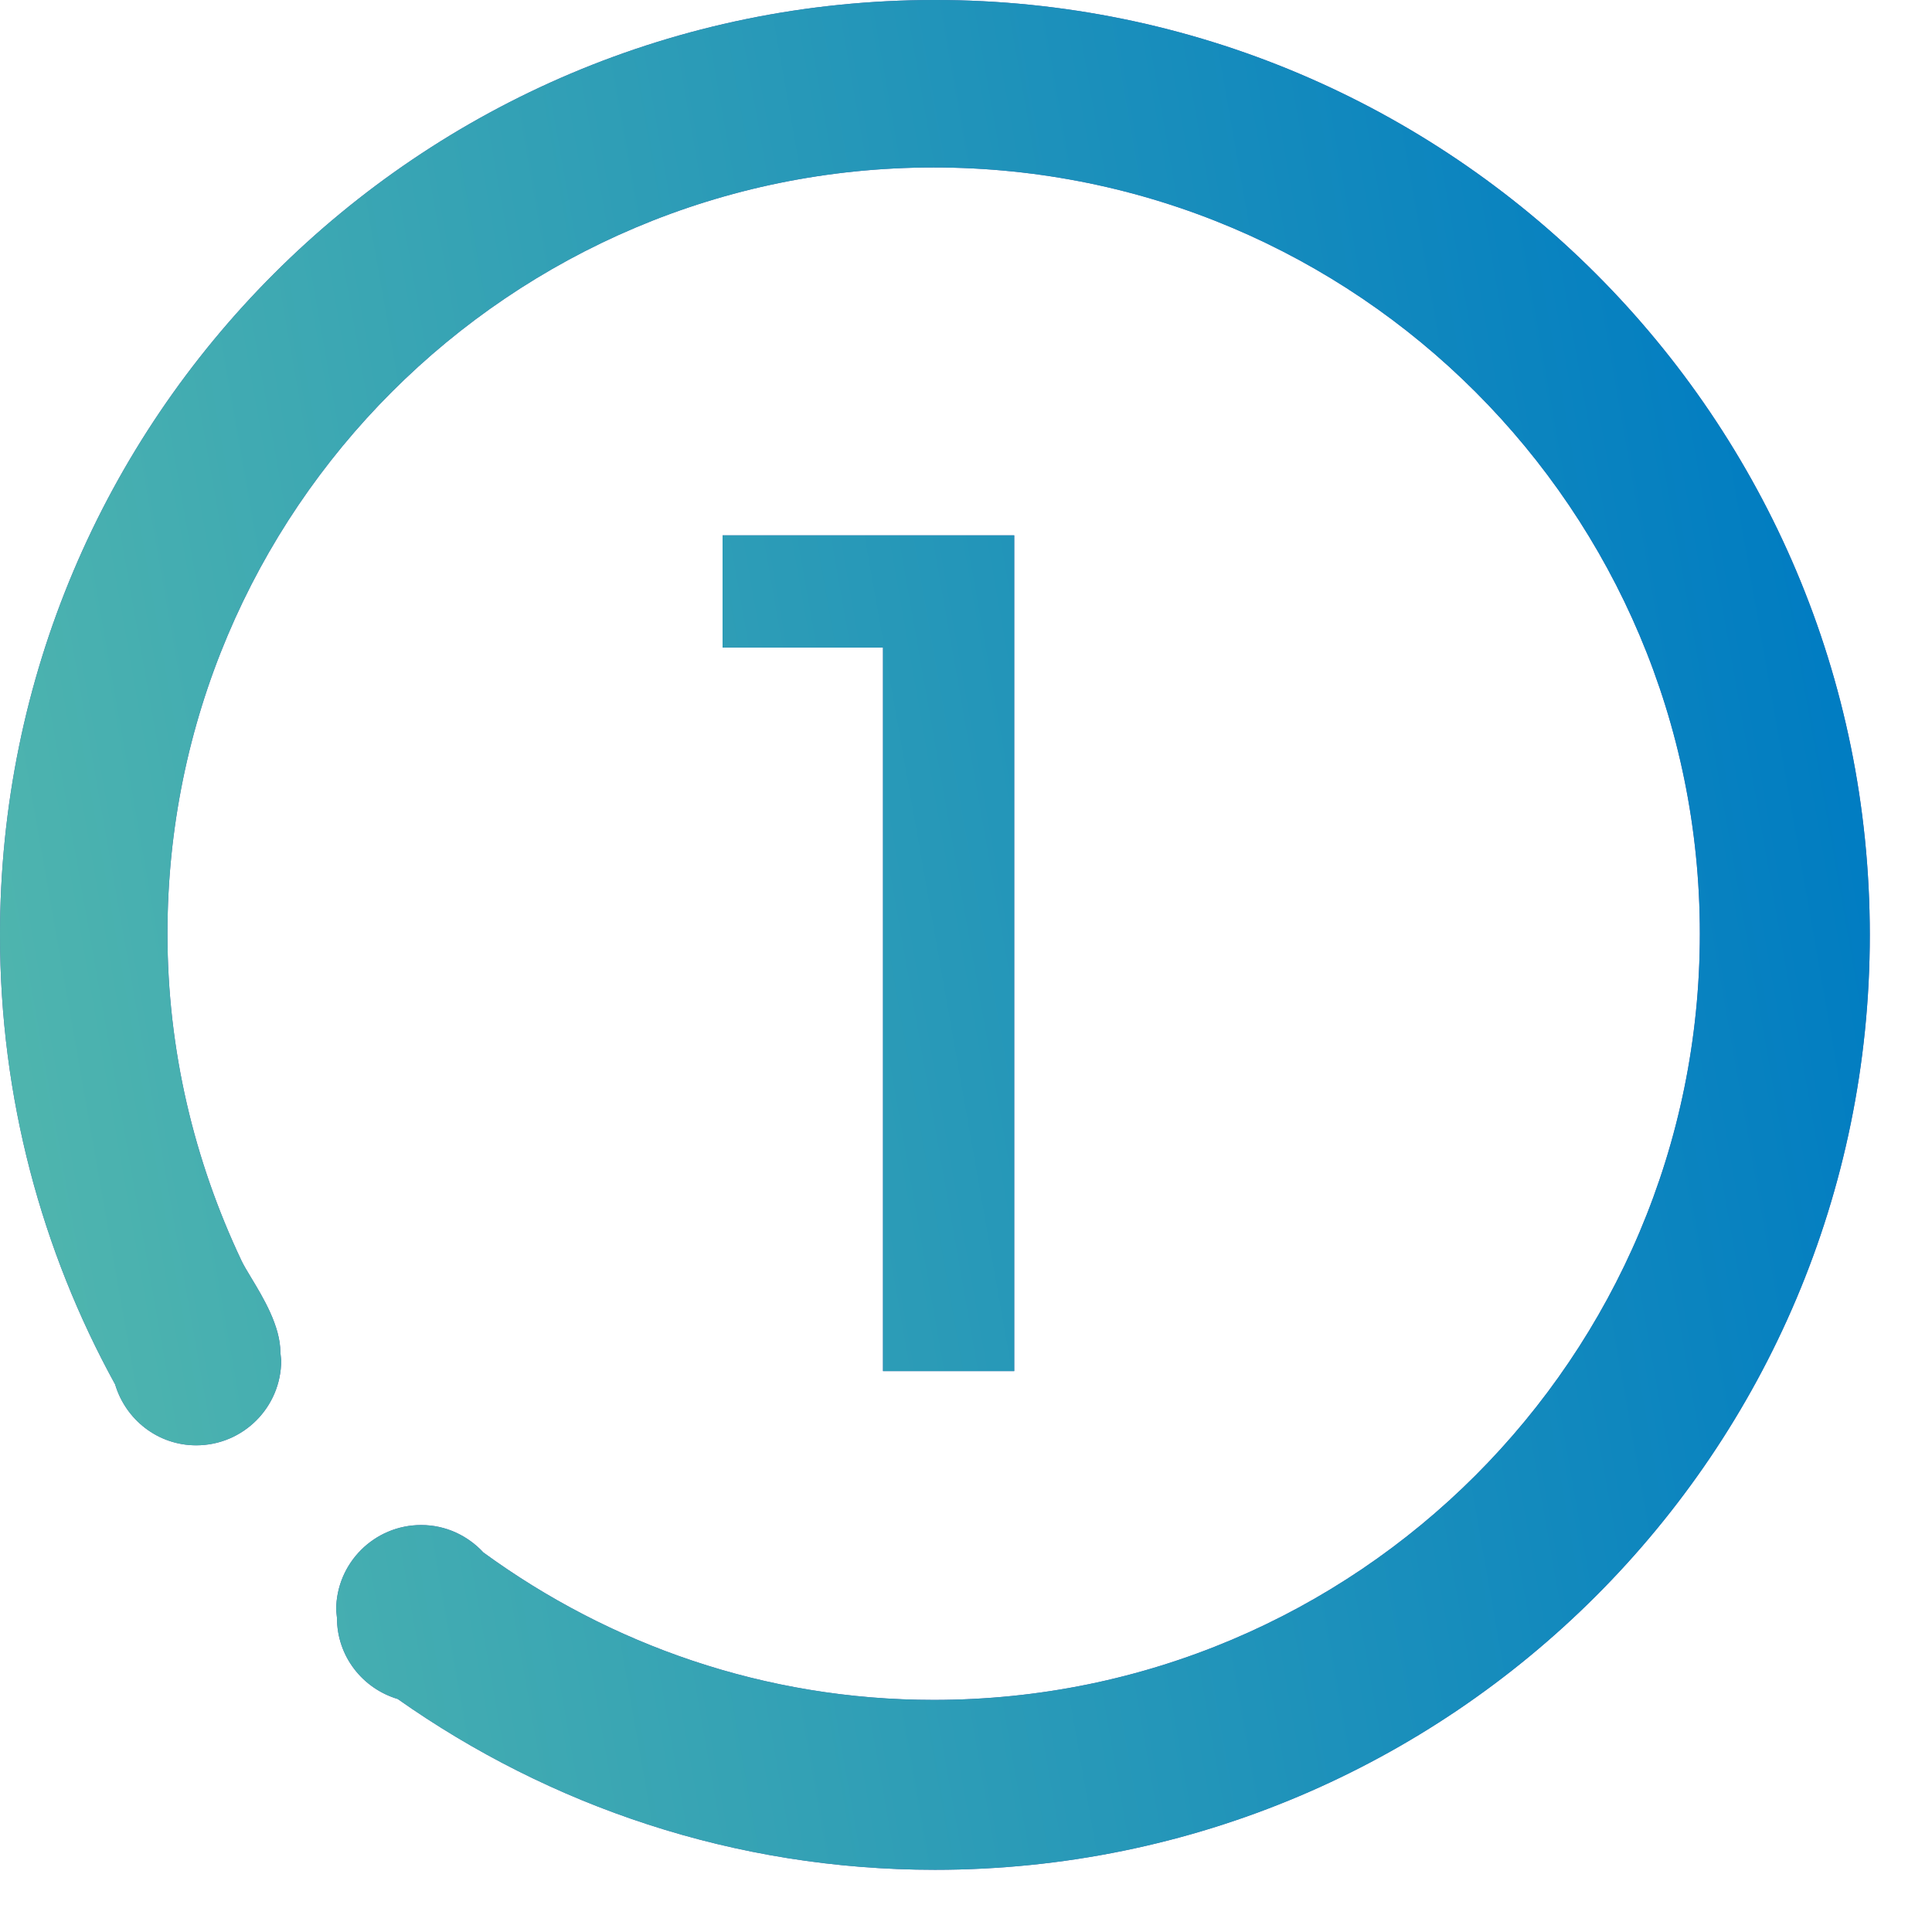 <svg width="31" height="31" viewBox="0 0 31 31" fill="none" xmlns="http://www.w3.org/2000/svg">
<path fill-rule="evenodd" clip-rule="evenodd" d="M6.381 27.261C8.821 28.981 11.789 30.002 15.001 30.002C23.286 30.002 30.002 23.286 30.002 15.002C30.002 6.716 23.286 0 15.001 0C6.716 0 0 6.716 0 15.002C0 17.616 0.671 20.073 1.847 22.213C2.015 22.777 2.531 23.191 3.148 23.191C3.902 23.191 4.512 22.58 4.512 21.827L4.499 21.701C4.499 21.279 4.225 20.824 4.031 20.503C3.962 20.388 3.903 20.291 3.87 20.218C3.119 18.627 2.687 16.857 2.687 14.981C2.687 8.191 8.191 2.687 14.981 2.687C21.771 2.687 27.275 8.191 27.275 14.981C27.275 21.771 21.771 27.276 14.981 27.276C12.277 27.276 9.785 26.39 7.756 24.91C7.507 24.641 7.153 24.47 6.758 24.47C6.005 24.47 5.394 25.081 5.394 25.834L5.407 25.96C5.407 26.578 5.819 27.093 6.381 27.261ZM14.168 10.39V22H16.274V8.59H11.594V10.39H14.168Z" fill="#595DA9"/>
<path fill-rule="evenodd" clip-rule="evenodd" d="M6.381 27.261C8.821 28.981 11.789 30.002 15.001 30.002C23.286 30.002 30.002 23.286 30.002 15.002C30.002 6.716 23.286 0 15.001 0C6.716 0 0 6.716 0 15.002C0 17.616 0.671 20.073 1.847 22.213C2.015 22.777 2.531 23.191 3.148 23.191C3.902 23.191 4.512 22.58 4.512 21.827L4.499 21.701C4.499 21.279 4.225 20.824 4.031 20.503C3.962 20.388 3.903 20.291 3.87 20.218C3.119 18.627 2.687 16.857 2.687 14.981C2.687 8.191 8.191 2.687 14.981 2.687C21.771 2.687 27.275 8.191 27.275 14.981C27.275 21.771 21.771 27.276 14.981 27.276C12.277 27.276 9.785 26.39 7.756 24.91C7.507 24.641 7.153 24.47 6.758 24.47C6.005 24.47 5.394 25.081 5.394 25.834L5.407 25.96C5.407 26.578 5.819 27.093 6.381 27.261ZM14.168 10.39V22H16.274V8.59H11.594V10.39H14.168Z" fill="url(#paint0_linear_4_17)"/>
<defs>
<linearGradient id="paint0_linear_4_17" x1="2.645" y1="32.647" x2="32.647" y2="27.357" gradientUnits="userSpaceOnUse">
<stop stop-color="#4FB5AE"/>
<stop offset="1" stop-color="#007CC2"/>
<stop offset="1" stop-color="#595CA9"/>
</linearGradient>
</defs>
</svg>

· · · · · · ·

● To do: Could you repeat all of the material exactly? Pictures should not be copied.

● Expected answer:
 <svg width="31" height="31" viewBox="0 0 31 31" fill="none" xmlns="http://www.w3.org/2000/svg">
<path fill-rule="evenodd" clip-rule="evenodd" d="M6.381 27.261C8.821 28.981 11.789 30.002 15.001 30.002C23.286 30.002 30.002 23.286 30.002 15.002C30.002 6.716 23.286 0 15.001 0C6.716 0 0 6.716 0 15.002C0 17.616 0.671 20.073 1.847 22.213C2.015 22.777 2.531 23.191 3.148 23.191C3.902 23.191 4.512 22.58 4.512 21.827L4.499 21.701C4.499 21.279 4.225 20.824 4.031 20.503C3.962 20.388 3.903 20.291 3.87 20.218C3.119 18.627 2.687 16.857 2.687 14.981C2.687 8.191 8.191 2.687 14.981 2.687C21.771 2.687 27.275 8.191 27.275 14.981C27.275 21.771 21.771 27.276 14.981 27.276C12.277 27.276 9.785 26.39 7.756 24.91C7.507 24.641 7.153 24.47 6.758 24.47C6.005 24.47 5.394 25.081 5.394 25.834L5.407 25.96C5.407 26.578 5.819 27.093 6.381 27.261ZM14.168 10.39V22H16.274V8.59H11.594V10.39H14.168Z" fill="#595DA9"/>
<path fill-rule="evenodd" clip-rule="evenodd" d="M6.381 27.261C8.821 28.981 11.789 30.002 15.001 30.002C23.286 30.002 30.002 23.286 30.002 15.002C30.002 6.716 23.286 0 15.001 0C6.716 0 0 6.716 0 15.002C0 17.616 0.671 20.073 1.847 22.213C2.015 22.777 2.531 23.191 3.148 23.191C3.902 23.191 4.512 22.58 4.512 21.827L4.499 21.701C4.499 21.279 4.225 20.824 4.031 20.503C3.962 20.388 3.903 20.291 3.87 20.218C3.119 18.627 2.687 16.857 2.687 14.981C2.687 8.191 8.191 2.687 14.981 2.687C21.771 2.687 27.275 8.191 27.275 14.981C27.275 21.771 21.771 27.276 14.981 27.276C12.277 27.276 9.785 26.39 7.756 24.91C7.507 24.641 7.153 24.47 6.758 24.47C6.005 24.47 5.394 25.081 5.394 25.834L5.407 25.96C5.407 26.578 5.819 27.093 6.381 27.261ZM14.168 10.39V22H16.274V8.59H11.594V10.39H14.168Z" fill="url(#paint0_linear_4_17)"/>
<defs>
<linearGradient id="paint0_linear_4_17" x1="2.645" y1="32.647" x2="32.647" y2="27.357" gradientUnits="userSpaceOnUse">
<stop stop-color="#4FB5AE"/>
<stop offset="1" stop-color="#007CC2"/>
<stop offset="1" stop-color="#595CA9"/>
</linearGradient>
</defs>
</svg>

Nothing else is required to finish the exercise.